A soft smile fell on her lips. “He’ll probably pick his little-man suit with the striped tie, but if he doesn’t that’s all right. Let him wear what he wants to. Maybe he’ll rebel and wear tennis shoes or something. There’s nothing wrong with that. A show of independence now and again is a good thing.” Her breath rattled as she tried to suck in air.
“Got it,” I said, wishing I had my own journal to write down all of Loralee’s child-rearing tips and general wisdom. I had a strong feeling I would need it.
“Where’d you put the suitcase?”
“In the basement. For now. Along with the rest of it.”
She didn’t say anything, but I knew she wanted to. Since we’d read the letter, she hadn’t said one word about it, and it must have taken all of her strength to keep it inside. I stood and began tidying the items on her dresser, waiting.
Pushing herself up against the pillows behind her, she said, “Lying in bed all day gives a person lots of time to think, and I do believe I have finally figured out something important.”
“And?” I braced myself.
It took a moment until she was ready to speak again. “As you know, my mama taught me a lot. But lying here watching so much television,
I’ve finally figured out that everything I’ve ever needed to know in life I learned from my mama and my soaps.”
“Really?” I said, turning around to lean against the dresser.
She nodded, her nostrils flaring as she struggled to breathe. “I’m watching these people and it’s basically the same thing over and over—people never learning from their mistakes so that they make the same ones again and again.” She paused. “And then there’s people who make mistakes, acknowledge them, and then keep picking at that mistake like it’s an old scab, so that it never goes away and they can’t go forward. And then there’s those who stick their heads in the sand, pretending that everything is fine and that nobody can see them there with their heads stuck right there in plain view, and believing that they already know what people think and therefore there’s no point in laying their cards out on the table for discussion.”
She sounded like she’d just run a mile. I poured a fresh glass of water from the pitcher on her nightstand and helped her drink before I began my rebuttal. “If that last part is about me not telling Gibbes about the letter, I told you—that’s temporary. I’d rather just focus on you and Owen right now. I will eventually show him the letter and everything else, and give the suitcase to the police.”
I wanted to tell her that I was still wondering at the truth—the truth that involved the path that had brought Cal and me together, that had started long before we were born, the threads already woven together and knotted in places. At some point I would have to attempt to unravel them, to pick apart the knots and confront my seven-year marriage to a man who’d married me only because he’d been looking for somebody else. But I couldn’t lie to her, even with a grain of truth. She deserved my honesty, so I kept silent.

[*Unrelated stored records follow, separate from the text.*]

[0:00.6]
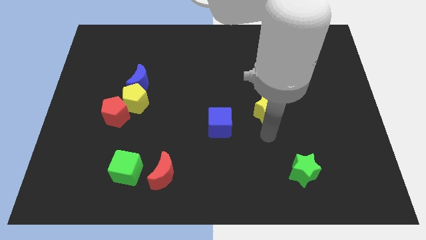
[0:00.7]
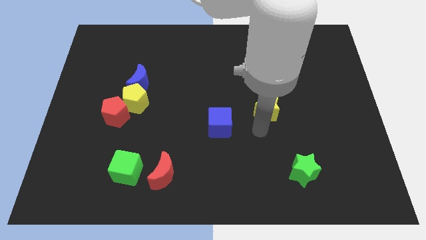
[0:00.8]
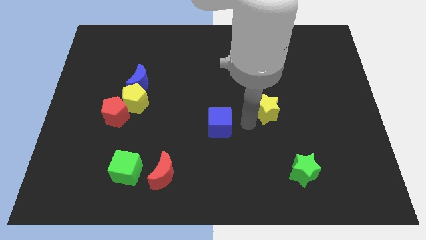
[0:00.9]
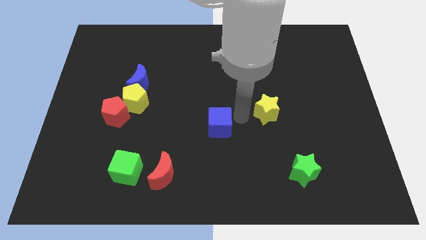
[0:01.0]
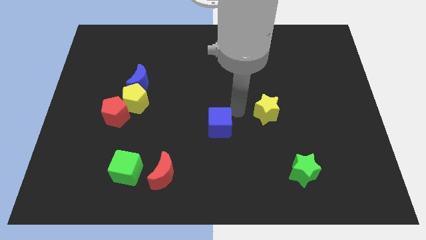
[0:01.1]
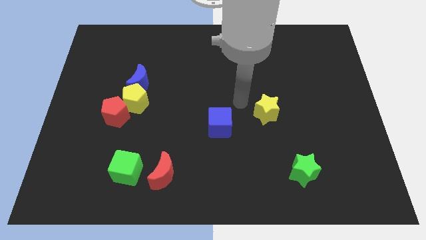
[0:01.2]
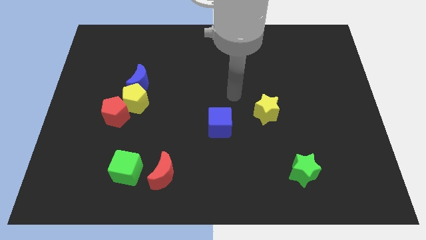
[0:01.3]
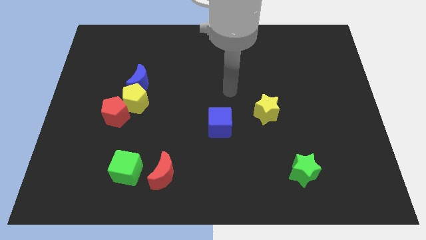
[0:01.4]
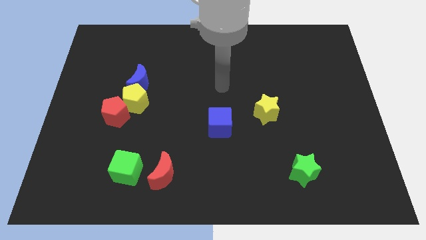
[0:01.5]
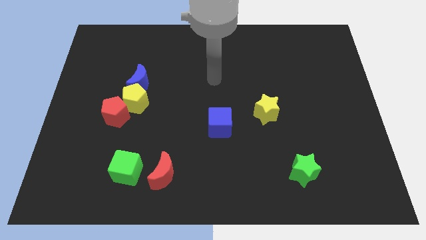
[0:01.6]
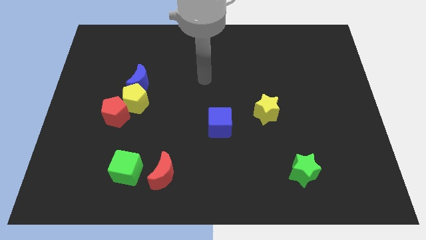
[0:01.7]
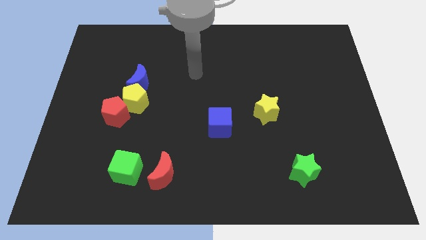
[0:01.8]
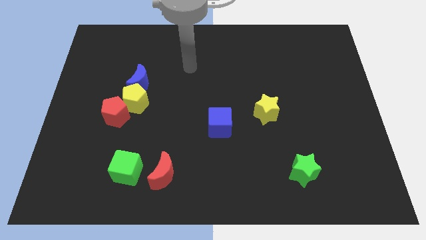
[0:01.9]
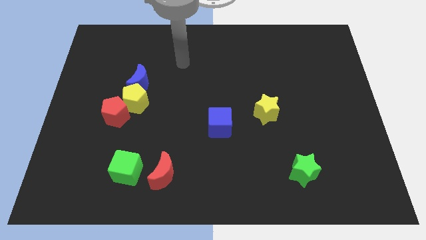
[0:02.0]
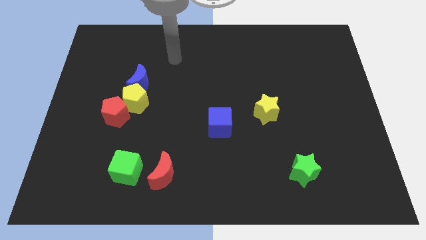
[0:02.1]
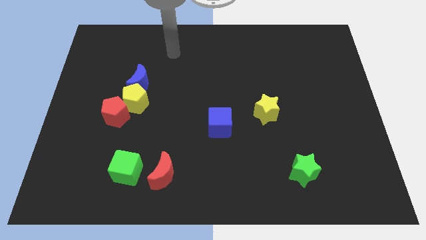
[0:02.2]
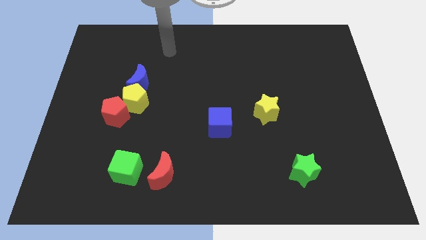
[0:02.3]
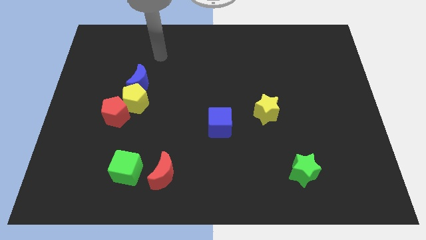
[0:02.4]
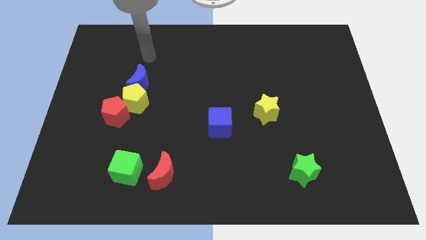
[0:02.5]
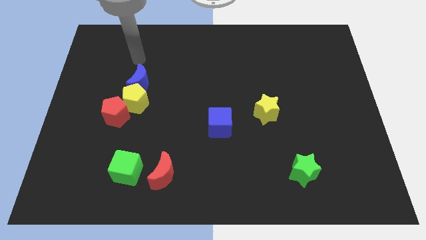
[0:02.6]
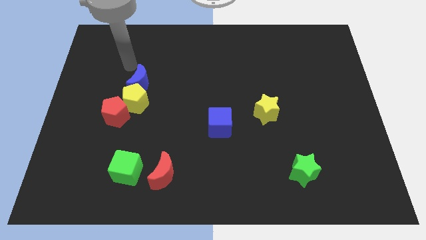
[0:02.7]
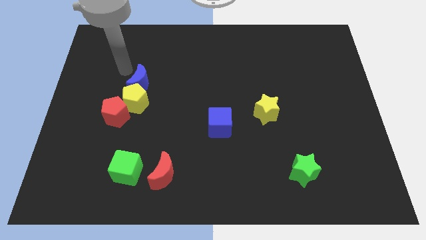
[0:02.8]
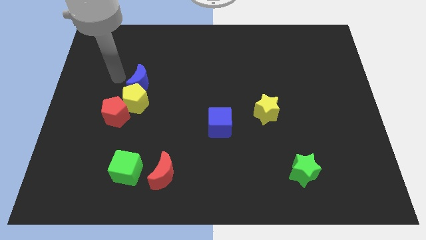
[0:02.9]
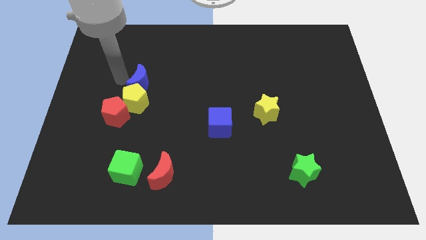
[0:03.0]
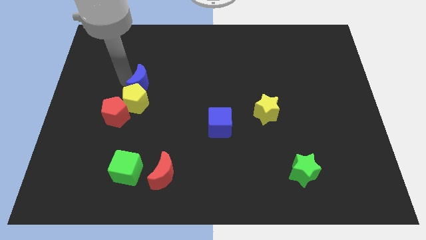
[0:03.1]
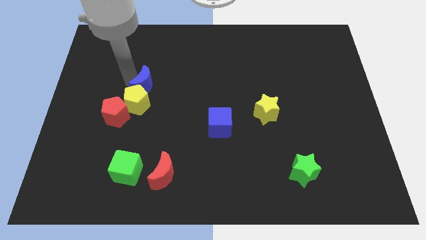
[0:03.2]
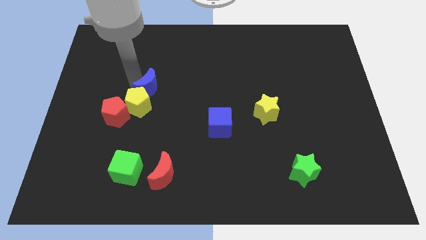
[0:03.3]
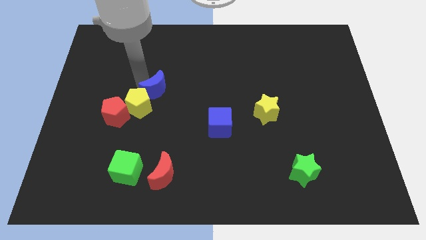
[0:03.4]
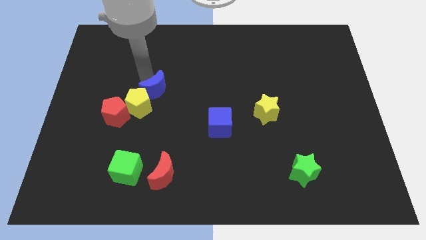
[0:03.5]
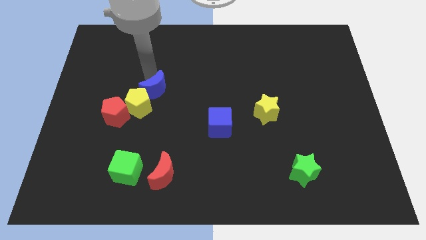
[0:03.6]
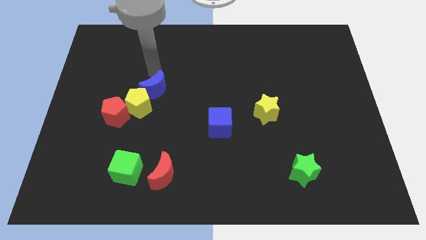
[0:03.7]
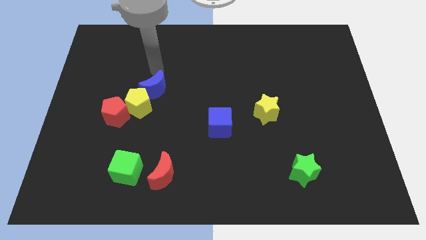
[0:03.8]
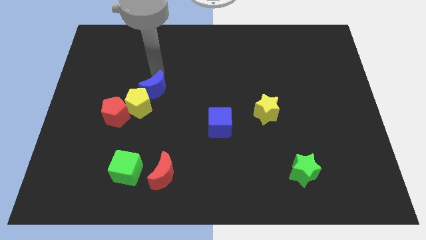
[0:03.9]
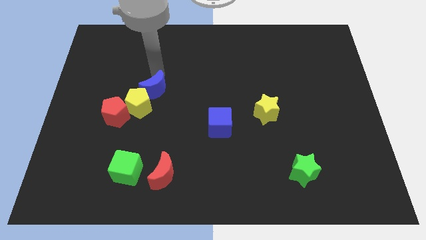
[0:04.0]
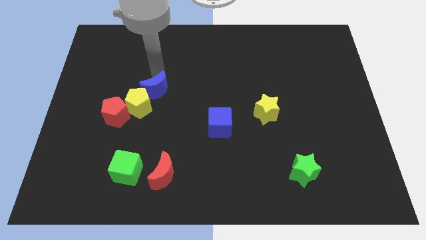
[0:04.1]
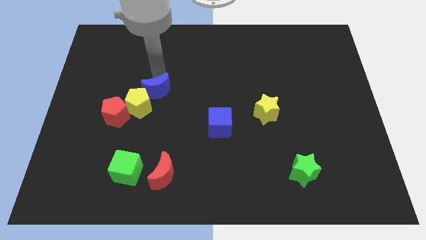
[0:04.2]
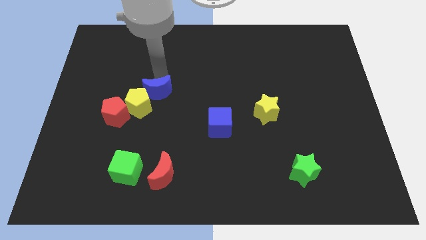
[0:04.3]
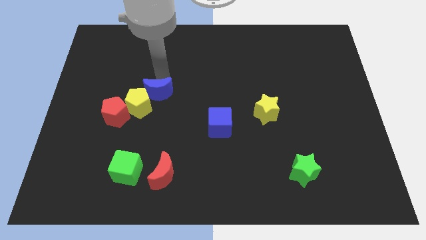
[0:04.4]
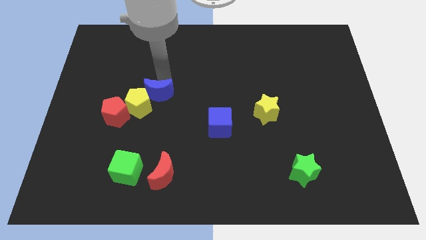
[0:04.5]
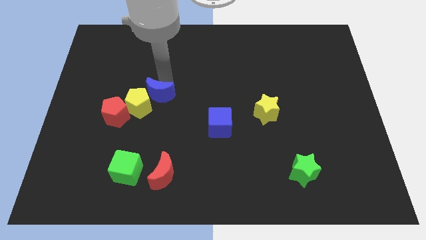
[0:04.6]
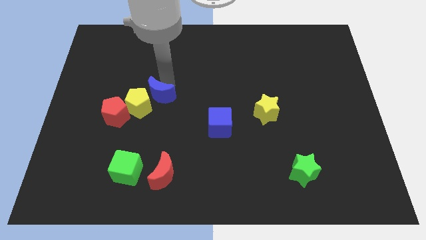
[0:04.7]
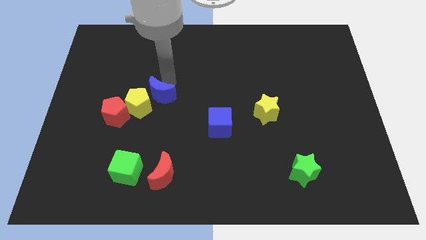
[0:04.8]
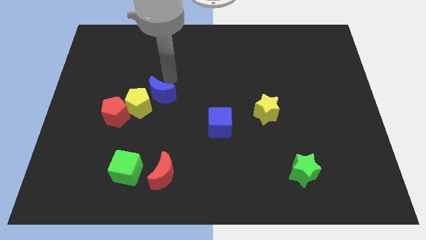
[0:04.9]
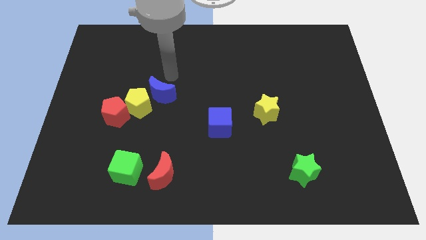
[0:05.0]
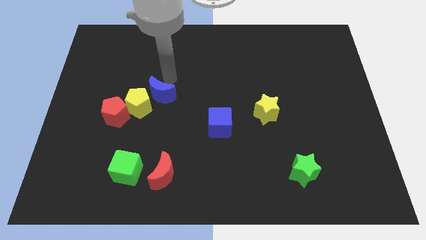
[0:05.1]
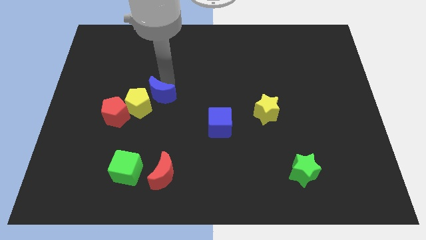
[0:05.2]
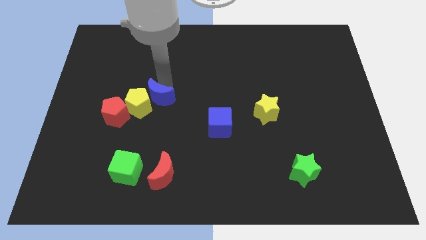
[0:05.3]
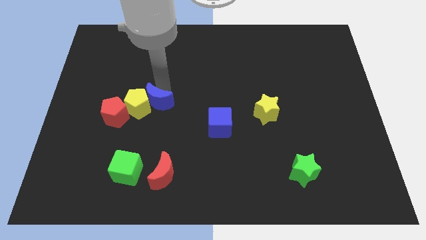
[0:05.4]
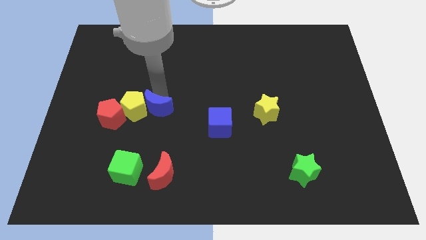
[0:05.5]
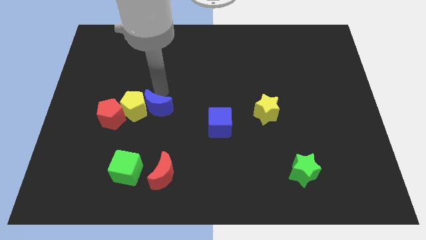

She looked at me with tired eyes, but eyes that still had so much light in them. “I get it—you want to cross the creek one stone at a time. But you don’t have to cross the creek alone, you know.” She smiled the smile that was part joy, part friendship, but wholly honest. “I’m running out of time here, and I just can’t wait until you’re ready to ask for my opinion, so I’m going to give it to you whether you want it or not.”